• _EXERCISE INSTRUCTIONS_: After reading the data below, copy out every line that contains the word "wooden".

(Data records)
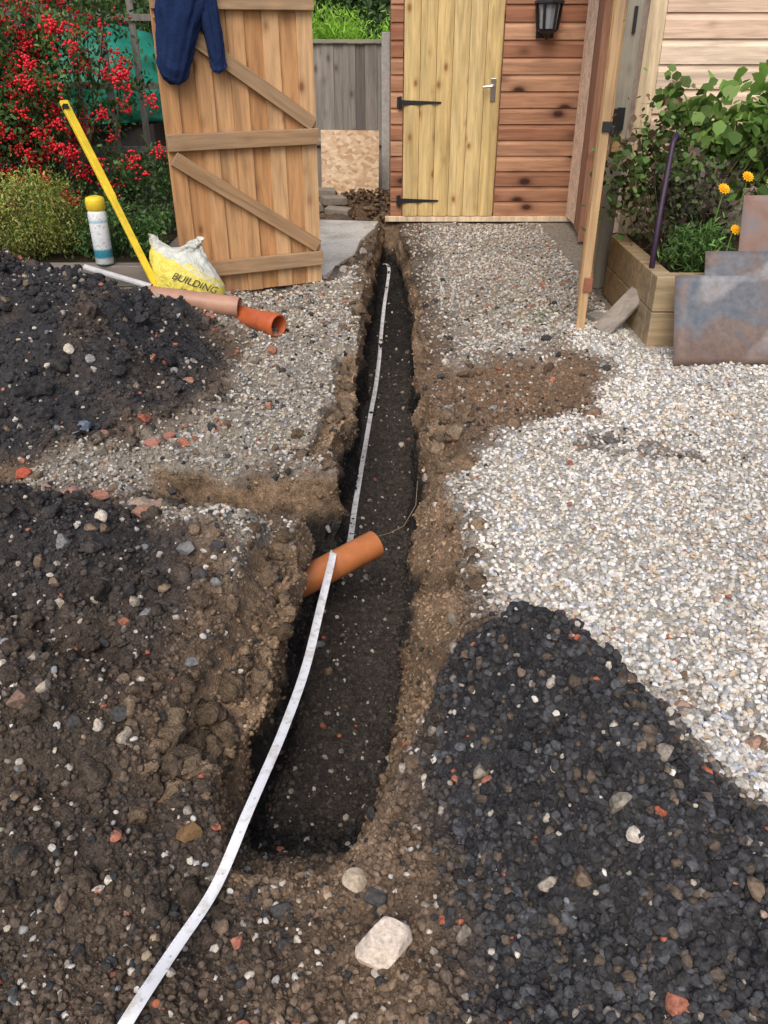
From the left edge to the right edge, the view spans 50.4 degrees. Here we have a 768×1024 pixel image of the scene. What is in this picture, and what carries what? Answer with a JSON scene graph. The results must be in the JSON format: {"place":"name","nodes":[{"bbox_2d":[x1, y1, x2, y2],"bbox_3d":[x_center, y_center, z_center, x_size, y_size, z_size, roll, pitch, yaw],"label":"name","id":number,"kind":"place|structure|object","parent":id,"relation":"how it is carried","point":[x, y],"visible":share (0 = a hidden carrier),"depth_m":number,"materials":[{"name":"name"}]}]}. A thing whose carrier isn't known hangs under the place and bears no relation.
{"place":"outdoors","nodes":[
{"label":"outdoors","id":0,"kind":"place"},
{"bbox_2d":[11,121,170,213],"bbox_3d":[-2.750,-3.377,7.989,1.300,0.840,0.800,0,30,0],"label":"fence","id":1,"kind":"object","parent":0,"point":[157,132],"visible":0.14,"depth_m":7.53,"materials":[{"name":"wood"}]},
{"bbox_2d":[0,21,162,123],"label":"garden tarpaulin","id":2,"kind":"object","parent":1,"relation":"on","point":[122,43],"visible":0.26,"depth_m":7.26,"materials":[{"name":"teal plastic"}]},
{"bbox_2d":[52,0,385,36],"label":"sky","id":3,"kind":"structure","parent":0,"point":[138,6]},
{"bbox_2d":[339,265,346,271],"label":"concrete rubble","id":4,"kind":"object","parent":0,"point":[342,268],"visible":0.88,"depth_m":6.10,"materials":[{"name":"grey concrete"}]},
{"bbox_2d":[359,247,366,255],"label":"concrete rubble","id":5,"kind":"object","parent":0,"point":[362,251],"visible":0.91,"depth_m":6.56,"materials":[{"name":"grey concrete"}]},
{"bbox_2d":[0,188,767,1023],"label":"ground","id":6,"kind":"structure","parent":0,"point":[300,498],"depth_m":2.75,"materials":[{"name":"soil"}]},
{"bbox_2d":[6,687,32,707],"bbox_3d":[-0.849,0.434,1.896,0.047,0.050,0.060,0,30,0],"label":"brick rubble","id":7,"kind":"object","parent":6,"relation":"on","point":[20,695],"visible":0.98,"depth_m":1.89,"materials":[{"name":"stone"}]},
{"bbox_2d":[15,467,32,479],"bbox_3d":[-1.423,-0.152,3.228,0.065,0.054,0.056,-19,36,-30],"label":"brick rubble","id":8,"kind":"object","parent":6,"relation":"on","point":[21,472],"visible":0.96,"depth_m":3.21,"materials":[{"name":"brick"}]},
{"bbox_2d":[0,4,61,213],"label":"shrub","id":9,"kind":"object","parent":6,"relation":"on","point":[16,22],"depth_m":7.79,"materials":[{"name":"plant"}]},
{"bbox_2d":[61,485,78,493],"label":"brick rubble","id":10,"kind":"object","parent":6,"relation":"on","point":[72,488],"visible":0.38,"depth_m":2.89,"materials":[{"name":"brick"}]},
{"bbox_2d":[71,420,91,433],"bbox_3d":[-1.279,-0.356,3.460,0.066,0.058,0.181,0,30,0],"label":"slate lump","id":11,"kind":"object","parent":6,"relation":"on","point":[86,425],"visible":0.8,"depth_m":3.44,"materials":[{"name":"stone"}]},
{"bbox_2d":[15,0,151,33],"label":"boundary hedge","id":12,"kind":"object","parent":6,"relation":"on","point":[140,9],"visible":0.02,"depth_m":9.37,"materials":[{"name":"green plant"}]},
{"bbox_2d":[0,0,174,216],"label":"trellis fence","id":13,"kind":"object","parent":6,"relation":"on","point":[138,68],"visible":0.01,"depth_m":6.29,"materials":[{"name":"grey wood"}]},
{"bbox_2d":[0,214,178,289],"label":"raised bed","id":14,"kind":"object","parent":6,"relation":"on","point":[127,266],"visible":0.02,"depth_m":5.47,"materials":[{"name":"grey wood"}]},
{"bbox_2d":[0,154,93,260],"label":"hebe bush","id":15,"kind":"object","parent":14,"relation":"on","point":[28,231],"visible":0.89,"depth_m":5.36,"materials":[{"name":"green plant"}]},
{"bbox_2d":[0,0,168,230],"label":"firethorn bush","id":16,"kind":"object","parent":14,"relation":"on","point":[25,90],"visible":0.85,"depth_m":5.68,"materials":[{"name":"red plant"}]},
{"bbox_2d":[85,195,113,264],"bbox_3d":[-1.780,-1.762,5.111,0.116,0.408,0.116,0,30,0],"label":"sealant bottle","id":17,"kind":"object","parent":14,"relation":"on","point":[99,227],"visible":1,"depth_m":5.07,"materials":[{"name":"white plastic"}]},
{"bbox_2d":[59,187,173,260],"bbox_3d":[-1.851,-1.951,5.622,0.824,0.563,0.890,0,30,0],"label":"ground cover plant","id":18,"kind":"object","parent":14,"relation":"on","point":[142,230],"visible":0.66,"depth_m":5.51,"materials":[{"name":"green plant"}]},
{"bbox_2d":[82,140,176,236],"bbox_3d":[-1.747,-2.406,6.183,0.923,0.761,0.737,0,30,0],"label":"ground cover plant","id":19,"kind":"object","parent":14,"relation":"on","point":[165,192],"visible":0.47,"depth_m":6.04,"materials":[{"name":"green plant"}]},
{"bbox_2d":[91,490,108,499],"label":"brick rubble","id":20,"kind":"object","parent":6,"relation":"on","point":[100,494],"visible":0.91,"depth_m":2.86,"materials":[{"name":"brick"}]},
{"bbox_2d":[59,100,156,285],"bbox_3d":[-1.667,-1.917,5.055,0.830,1.100,0.064,25,38,35],"label":"yellow spirit level","id":21,"kind":"object","parent":6,"relation":"on","point":[93,160],"visible":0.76,"depth_m":5.04,"materials":[{"name":"metal"}]},
{"bbox_2d":[83,264,152,286],"bbox_3d":[-1.635,-1.444,5.020,0.454,0.129,0.040,8,31,13],"label":"waste pipe","id":22,"kind":"object","parent":6,"relation":"on","point":[118,277],"visible":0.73,"depth_m":5.00,"materials":[{"name":"grey plastic"}]},
{"bbox_2d":[127,496,149,505],"bbox_3d":[-0.875,-0.022,2.922,0.082,0.052,0.080,-13,33,-21],"label":"brick rubble","id":23,"kind":"object","parent":6,"relation":"on","point":[142,500],"visible":0.42,"depth_m":2.91,"materials":[{"name":"stone"}]},
{"bbox_2d":[132,504,149,517],"bbox_3d":[-0.823,-0.005,2.766,0.053,0.036,0.060,7,31,13],"label":"brick rubble","id":24,"kind":"object","parent":6,"relation":"on","point":[137,510],"visible":0.67,"depth_m":2.75,"materials":[{"name":"brick"}]},
{"bbox_2d":[137,414,150,422],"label":"brick rubble","id":25,"kind":"object","parent":6,"relation":"on","point":[144,418],"visible":1,"depth_m":3.52,"materials":[{"name":"brick"}]},
{"bbox_2d":[143,436,161,446],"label":"brick rubble","id":26,"kind":"object","parent":6,"relation":"on","point":[153,441],"visible":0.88,"depth_m":3.45,"materials":[{"name":"brick"}]},
{"bbox_2d":[147,498,162,506],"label":"brick rubble","id":27,"kind":"object","parent":6,"relation":"on","point":[157,503],"visible":0.52,"depth_m":2.85,"materials":[{"name":"stone"}]},
{"bbox_2d":[162,431,174,441],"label":"brick rubble","id":28,"kind":"object","parent":6,"relation":"on","point":[168,435],"visible":0.72,"depth_m":3.50,"materials":[{"name":"brick"}]},
{"bbox_2d":[177,438,189,446],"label":"brick rubble","id":29,"kind":"object","parent":6,"relation":"on","point":[184,442],"visible":1,"depth_m":3.50,"materials":[{"name":"brick"}]},
{"bbox_2d":[176,541,194,555],"bbox_3d":[-0.620,0.115,2.558,0.062,0.044,0.049,0,30,0],"label":"brick rubble","id":30,"kind":"object","parent":6,"relation":"on","point":[186,548],"visible":1,"depth_m":2.54,"materials":[{"name":"stone"}]},
{"bbox_2d":[148,233,224,294],"bbox_3d":[-1.237,-1.510,5.128,0.483,0.437,0.280,3,17,-8],"label":"aggregate bag","id":31,"kind":"object","parent":6,"relation":"on","point":[188,266],"visible":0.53,"depth_m":5.04,"materials":[{"name":"plastic"}]},
{"bbox_2d":[182,377,193,383],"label":"brick rubble","id":32,"kind":"object","parent":6,"relation":"on","point":[190,379],"visible":0.79,"depth_m":3.96,"materials":[{"name":"brick"}]},
{"bbox_2d":[176,821,202,842],"bbox_3d":[-0.431,0.709,1.799,0.048,0.045,0.049,24,38,35],"label":"brick rubble","id":33,"kind":"object","parent":6,"relation":"on","point":[189,831],"visible":1,"depth_m":1.79,"materials":[{"name":"stone"}]},
{"bbox_2d":[148,285,241,316],"bbox_3d":[-1.110,-1.229,4.763,0.554,0.165,0.116,3,31,5],"label":"drain pipe","id":34,"kind":"object","parent":6,"relation":"on","point":[221,304],"visible":0.57,"depth_m":4.71,"materials":[{"name":"orange plastic"}]},
{"bbox_2d":[206,312,215,319],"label":"brick rubble","id":35,"kind":"object","parent":6,"relation":"on","point":[211,315],"visible":0.49,"depth_m":4.67,"materials":[{"name":"brick"}]},
{"bbox_2d":[149,0,323,290],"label":"wooden gate","id":36,"kind":"structure","parent":6,"relation":"on","point":[242,135],"depth_m":5.14,"materials":[{"name":"brown wood"}]},
{"bbox_2d":[151,0,226,84],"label":"navy jumper","id":37,"kind":"object","parent":36,"relation":"attached to","point":[180,24],"visible":0.98,"depth_m":4.65,"materials":[{"name":"fabric"}]},
{"bbox_2d":[133,0,341,31],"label":"broadleaf tree","id":38,"kind":"object","parent":6,"relation":"on","point":[135,5],"depth_m":14.66,"materials":[{"name":"green plant"}]},
{"bbox_2d":[103,0,389,43],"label":"boundary hedge","id":39,"kind":"object","parent":6,"relation":"on","point":[376,7],"visible":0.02,"depth_m":12.38,"materials":[{"name":"green plant"}]},
{"bbox_2d":[247,356,259,364],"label":"brick rubble","id":40,"kind":"object","parent":6,"relation":"on","point":[254,360],"visible":0.94,"depth_m":4.38,"materials":[{"name":"stone"}]},
{"bbox_2d":[117,264,390,1023],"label":"measuring tape","id":41,"kind":"object","parent":6,"relation":"on","point":[133,1010],"visible":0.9,"depth_m":1.95,"materials":[{"name":"white plastic"}]},
{"bbox_2d":[128,0,389,43],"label":"conifer hedge","id":42,"kind":"object","parent":6,"relation":"on","point":[338,30],"visible":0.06,"depth_m":10.31,"materials":[{"name":"green plant"}]},
{"bbox_2d":[236,305,285,336],"bbox_3d":[-0.752,-1.118,4.749,0.381,0.140,0.139,20,36,31],"label":"drain pipe socket","id":43,"kind":"object","parent":6,"relation":"on","point":[266,322],"visible":0.84,"depth_m":4.70,"materials":[{"name":"orange plastic"}]},
{"bbox_2d":[265,402,271,409],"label":"brick rubble","id":44,"kind":"object","parent":6,"relation":"on","point":[268,405],"visible":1,"depth_m":3.87,"materials":[{"name":"brick"}]},
{"bbox_2d":[267,346,276,354],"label":"brick rubble","id":45,"kind":"object","parent":6,"relation":"on","point":[271,350],"visible":1,"depth_m":4.50,"materials":[{"name":"brick"}]},
{"bbox_2d":[318,187,351,215],"bbox_3d":[-0.543,-3.108,8.183,0.288,0.192,0.734,-10,32,-16],"label":"brick stack","id":46,"kind":"object","parent":6,"relation":"on","point":[331,202],"visible":0.74,"depth_m":8.06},
{"bbox_2d":[303,531,383,597],"bbox_3d":[-0.268,0.244,3.097,0.597,0.176,0.112,-21,36,-32],"label":"drain pipe","id":47,"kind":"object","parent":6,"relation":"on","point":[364,549],"visible":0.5,"depth_m":3.12,"materials":[{"name":"orange plastic"}]},
{"bbox_2d":[379,481,417,535],"bbox_3d":[0.062,0.003,3.295,0.055,0.122,0.353,19,35,29],"label":"thin wire","id":48,"kind":"object","parent":47,"relation":"attached to","point":[410,514],"visible":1,"depth_m":3.32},
{"bbox_2d":[320,220,378,276],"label":"concrete slab","id":49,"kind":"structure","parent":6,"relation":"on","point":[341,241],"depth_m":6.90,"materials":[{"name":"grey concrete"}]},
{"bbox_2d":[364,224,376,233],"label":"concrete rubble","id":50,"kind":"object","parent":49,"relation":"on","point":[370,226],"visible":0.73,"depth_m":7.29,"materials":[{"name":"grey concrete"}]},
{"bbox_2d":[321,130,378,195],"bbox_3d":[-0.366,-3.765,8.829,0.620,0.660,0.019,0,27,-2],"label":"osb board","id":51,"kind":"object","parent":6,"relation":"on","point":[349,159],"visible":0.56,"depth_m":8.80,"materials":[{"name":"beige wood"}]},
{"bbox_2d":[313,32,389,189],"bbox_3d":[-2.000,-4.376,8.980,4.129,1.560,0.120,0,30,0],"label":"board fence","id":52,"kind":"object","parent":6,"relation":"on","point":[352,85],"visible":0.12,"depth_m":8.87,"materials":[{"name":"grey wood"}]},
{"bbox_2d":[342,867,366,892],"bbox_3d":[-0.061,0.760,1.687,0.052,0.028,0.055,0,30,0],"label":"limestone lump","id":53,"kind":"object","parent":6,"relation":"on","point":[354,880],"visible":1,"depth_m":1.68,"materials":[{"name":"stone"}]},
{"bbox_2d":[324,188,424,227],"bbox_3d":[-0.165,-3.035,8.390,1.693,0.424,1.865,0,30,0],"label":"spoil heap","id":54,"kind":"object","parent":6,"relation":"on","point":[369,195],"visible":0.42,"depth_m":8.61,"materials":[{"name":"brown soil"}]},
{"bbox_2d":[0,252,762,1009],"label":"soil clods","id":55,"kind":"object","parent":6,"relation":"on","point":[198,752],"visible":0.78,"depth_m":2.30,"materials":[{"name":"brown soil"}]},
{"bbox_2d":[0,222,767,1023],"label":"gravel","id":56,"kind":"structure","parent":6,"relation":"on","point":[736,756],"depth_m":3.17,"materials":[{"name":"grey gravel"}]},
{"bbox_2d":[0,252,767,1023],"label":"rubble","id":57,"kind":"object","parent":6,"relation":"on","point":[582,878],"visible":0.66,"depth_m":2.31,"materials":[{"name":"grey stone"}]},
{"bbox_2d":[355,915,412,969],"bbox_3d":[-0.002,0.837,1.578,0.085,0.091,0.104,24,38,35],"label":"limestone lump","id":58,"kind":"object","parent":6,"relation":"on","point":[385,942],"visible":1,"depth_m":1.55,"materials":[{"name":"stone"}]},
{"bbox_2d":[422,473,428,482],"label":"brick rubble","id":59,"kind":"object","parent":6,"relation":"on","point":[424,478],"visible":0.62,"depth_m":3.72,"materials":[{"name":"stone"}]},
{"bbox_2d":[385,0,588,221],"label":"timber shed","id":60,"kind":"structure","parent":6,"relation":"on","point":[484,94],"depth_m":7.25,"materials":[{"name":"wood"}]},
{"bbox_2d":[403,0,504,215],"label":"door","id":61,"kind":"structure","parent":60,"relation":"in","point":[422,75],"depth_m":7.22,"materials":[{"name":"yellow wood"}]},
{"bbox_2d":[534,0,564,39],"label":"wall lantern","id":62,"kind":"object","parent":60,"relation":"attached to","point":[547,12],"depth_m":6.77,"materials":[{"name":"black metal"}]},
{"bbox_2d":[577,0,611,241],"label":"frame","id":63,"kind":"object","parent":6,"relation":"on","point":[597,91],"visible":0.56,"depth_m":6.39,"materials":[{"name":"brown wood"}]},
{"bbox_2d":[586,312,604,321],"bbox_3d":[1.330,-1.200,5.070,0.120,0.050,0.100,-12,32,-20],"label":"paver offcut","id":64,"kind":"object","parent":6,"relation":"on","point":[595,317],"visible":0.42,"depth_m":5.04,"materials":[{"name":"grey stone"}]},
{"bbox_2d":[576,0,627,329],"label":"wooden gate","id":65,"kind":"structure","parent":6,"relation":"on","point":[605,129],"depth_m":4.49,"materials":[{"name":"brown wood"}]},
{"bbox_2d":[593,5,627,270],"bbox_3d":[1.469,-2.408,5.231,0.132,1.900,0.050,0,30,0],"label":"gate post","id":66,"kind":"object","parent":6,"relation":"on","point":[615,144],"visible":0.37,"depth_m":5.25,"materials":[{"name":"brown wood"}]},
{"bbox_2d":[611,6,638,136],"bbox_3d":[1.482,-2.709,5.043,0.094,0.710,0.040,-22,37,-33],"label":"gate hinge","id":67,"kind":"object","parent":66,"relation":"attached to","point":[618,120],"visible":0.94,"depth_m":5.15,"materials":[{"name":"black metal"}]},
{"bbox_2d":[594,287,639,335],"bbox_3d":[1.405,-1.190,4.855,0.267,0.254,0.130,-10,32,-17],"label":"offcut board","id":68,"kind":"object","parent":6,"relation":"on","point":[621,310],"visible":0.78,"depth_m":4.84,"materials":[{"name":"grey wood"}]},
{"bbox_2d":[592,0,644,287],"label":"gate post","id":69,"kind":"object","parent":6,"relation":"on","point":[628,60],"visible":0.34,"depth_m":5.15,"materials":[{"name":"brown wood"}]},
{"bbox_2d":[656,692,668,701],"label":"brick rubble","id":70,"kind":"object","parent":6,"relation":"on","point":[661,695],"visible":0.34,"depth_m":2.00,"materials":[{"name":"stone"}]},
{"bbox_2d":[566,0,767,234],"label":"larch shed","id":71,"kind":"structure","parent":6,"relation":"on","point":[697,40],"depth_m":5.21,"materials":[{"name":"wood"}]},
{"bbox_2d":[571,0,604,233],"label":"boards","id":72,"kind":"object","parent":71,"relation":"attached to","point":[589,106],"visible":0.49,"depth_m":6.70,"materials":[{"name":"brown wood"}]},
{"bbox_2d":[603,233,739,345],"bbox_3d":[2.400,-1.438,5.119,1.800,0.395,1.265,0,30,0],"label":"sleeper planter","id":73,"kind":"object","parent":6,"relation":"on","point":[649,320],"visible":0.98,"depth_m":4.77,"materials":[{"name":"brown wood"}]},
{"bbox_2d":[580,68,746,253],"bbox_3d":[1.647,-2.099,5.032,0.882,1.137,0.769,0,30,0],"label":"climbing plant","id":74,"kind":"object","parent":73,"relation":"on","point":[638,195],"visible":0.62,"depth_m":4.93,"materials":[{"name":"green plant"}]},
{"bbox_2d":[649,132,679,268],"bbox_3d":[1.575,-1.746,4.608,0.047,0.703,0.362,11,32,19],"label":"garden cane","id":75,"kind":"object","parent":73,"relation":"on","point":[675,138],"visible":0.93,"depth_m":4.60,"materials":[{"name":"purple paint"}]},
{"bbox_2d":[637,139,766,250],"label":"flowering plant","id":76,"kind":"object","parent":73,"relation":"on","point":[688,206],"visible":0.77,"depth_m":4.69,"materials":[{"name":"green plant"}]},
{"bbox_2d":[642,60,767,239],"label":"climbing plant","id":77,"kind":"object","parent":73,"relation":"on","point":[750,133],"visible":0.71,"depth_m":4.87,"materials":[{"name":"green plant"}]},
{"bbox_2d":[656,171,767,272],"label":"marigold plant","id":78,"kind":"object","parent":73,"relation":"in","point":[694,245],"visible":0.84,"depth_m":4.54,"materials":[{"name":"green plant"}]},
{"bbox_2d":[738,195,767,250],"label":"metal sheet","id":79,"kind":"object","parent":73,"relation":"on","point":[754,229],"visible":0.52,"depth_m":4.41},
{"bbox_2d":[673,700,694,715],"bbox_3d":[0.728,0.485,1.990,0.044,0.036,0.063,0,30,0],"label":"brick rubble","id":80,"kind":"object","parent":6,"relation":"on","point":[677,703],"visible":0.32,"depth_m":1.99,"materials":[{"name":"brick"}]},
{"bbox_2d":[673,275,767,365],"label":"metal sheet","id":81,"kind":"object","parent":6,"relation":"on","point":[718,320],"visible":1,"depth_m":4.39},
{"bbox_2d":[704,251,767,275],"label":"metal sheet","id":82,"kind":"object","parent":6,"relation":"on","point":[736,263],"visible":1,"depth_m":4.38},
{"bbox_2d":[744,736,760,749],"bbox_3d":[0.890,0.561,1.974,0.052,0.045,0.033,-25,39,-36],"label":"brick rubble","id":83,"kind":"object","parent":6,"relation":"on","point":[754,742],"visible":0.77,"depth_m":1.96,"materials":[{"name":"brick"}]}
]}

• _FINISHED TASK_:
{"bbox_2d":[149,0,323,290],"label":"wooden gate","id":36,"kind":"structure","parent":6,"relation":"on","point":[242,135],"depth_m":5.14,"materials":[{"name":"brown wood"}]},
{"bbox_2d":[576,0,627,329],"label":"wooden gate","id":65,"kind":"structure","parent":6,"relation":"on","point":[605,129],"depth_m":4.49,"materials":[{"name":"brown wood"}]},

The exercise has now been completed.